Friday, August 27, 2004 3:53 PM
pgolde
Set operations
There's a design issue on OrderedBag and OrderedSet that I've been wrestling with in my mind for a while, and I'm not entirely sure what the right approach is. Perhaps by writing it out and getting feedback the best course of action will become a bit more clear.
The OrderedSet and OrderedBag collections provide a collection of methods that I collective call the “set operations” -- methods that correspond to the basic operations of classic set theory: subset, superset, union, intersection, and difference.
To take one of the simplest examples, there is a method on OrderedSet:
bool SupersetOf(OrderedSet<ItemType> otherSet)
that determines if “this” is a superset of otherSet.
So far, so good, this seems very straightforward. But there is a subtlety: even with the same ItemType, different sets can use different comparisons. For example, an OrderedSet<string> can be instantiated by passing StringComparer.CurrentCultureIgnoreCase, which causes that set to consider two strings equal even if they have different cases (I'll call this a case-insensitive set).
What happens when you apply a set operation to two sets, one of which is case-sensitive, and the other of which is case-insensitive? Suddenly, the apparent clear-cut semantics of the set operations no longer have an obvious answer.
Suppose set1 is a case-sensitive set with elements {”foo”, “bar”} and set2 is a case-insensitive set with element {”FOO”}. Is set1 a superset of set2? From set1's case-sensitive perspective, the answer is no. From set2's case-insensitive perspective, the answer is yes. What should we do?
There seems to be a few options:
1) Before performing any set operation on two sets, check to make sure that they use the same comparison operation, and throw an exception if not. This is what is currently implemented in the code.
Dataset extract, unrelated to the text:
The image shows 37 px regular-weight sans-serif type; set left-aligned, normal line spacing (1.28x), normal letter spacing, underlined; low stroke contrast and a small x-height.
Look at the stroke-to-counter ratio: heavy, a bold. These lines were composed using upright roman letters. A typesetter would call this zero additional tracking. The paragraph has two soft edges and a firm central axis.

This is the safest and simplest solution, but I fear that it is too restrictive. The problem lies in whether the code can accurately determine if the two sets are in fact using the comparison operation. Currently, I've coded this to test the two IComparer<ItemType> instances using object.Equals.
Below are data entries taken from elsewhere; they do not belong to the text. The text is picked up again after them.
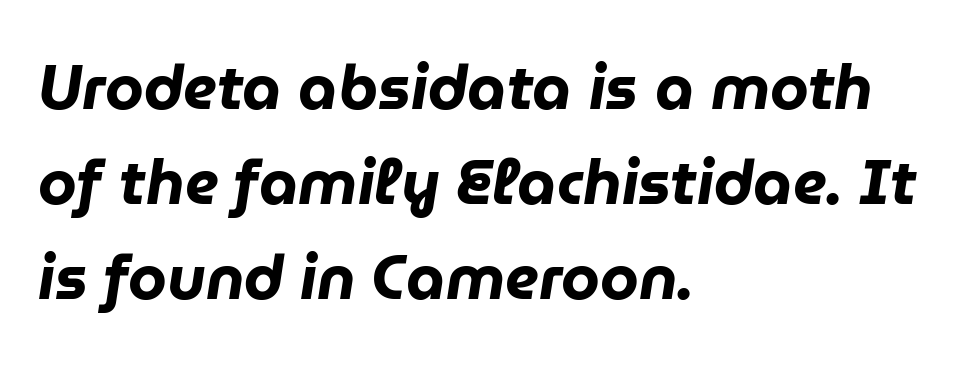
Is this a fixed-width face? No — the glyphs have proportional, varying widths. Heavy, bold letterforms. Horizontally, the lines are justified to the leading edge only. The rows are spaced the way most documents space them. Characters are canted at an angle relative to the baseline's perpendicular.
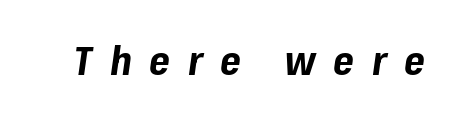
A clean baseline with only descenders dipping below it. Observe the lean: these are italic letterforms. As a designer I'd log this as weight 700, bold. Caption: expanded tracking, letters set apart.
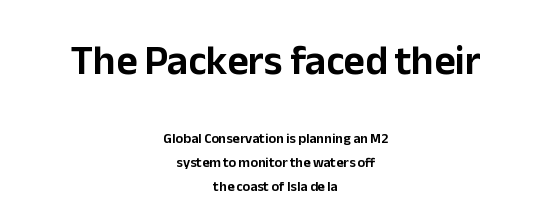
{"serif": "no", "italic": "no", "width": "normal", "stroke_contrast": "low", "x_height": "medium", "monospaced": "no", "underline": "no", "align": "center", "line_spacing_ratio": 1.71, "letter_spacing": "normal", "letter_spacing_em": 0.0, "larger_block": "first", "size_ratio": 2.93, "glyph_px": 41}

Unfortunately, there are common cases where two comparers are the same, but don't compare equal. For example, suppose you create two sets like this:
OrderedSet<string> set1 = new OrderedSet<string>(StringComparer.CurrentCultureIgnoreCase);
OrderedSet<string> set2 = new OrderedSet<string>(StringComparer.CurrentCultureIgnoreCase);
Unfortunately, there isn't any way to detect that these two collections are using the same comparer: every call to StringComparer.CurrentCultureIgnoreCase creates a new comparer object, and they don't compare equal [see MSDN suggestion FDBK14108.]
2) Another option is to always use the comparison method of the first set in the operation (”this”), and for the code not to make any assumptions about whether the comparison mechanisms are the same between the two sets. The problem is that this can lead to significantly less efficient algorithms than are possible if the two sets have the comparison method. This seems rather unfortunate.
3) A third option is for the code to assume that both sets use the same comparison mechanism, but to not attempt to check for it and enforce it. This neatly sidesteps the problem when the same comparison is actually being used, but we can't determine that from the code. However, it can also lead to nasty, confusing bugs if two different comparisons are in fact being used.
Interestingly, this appears to be the solution that STL uses.
What do you think?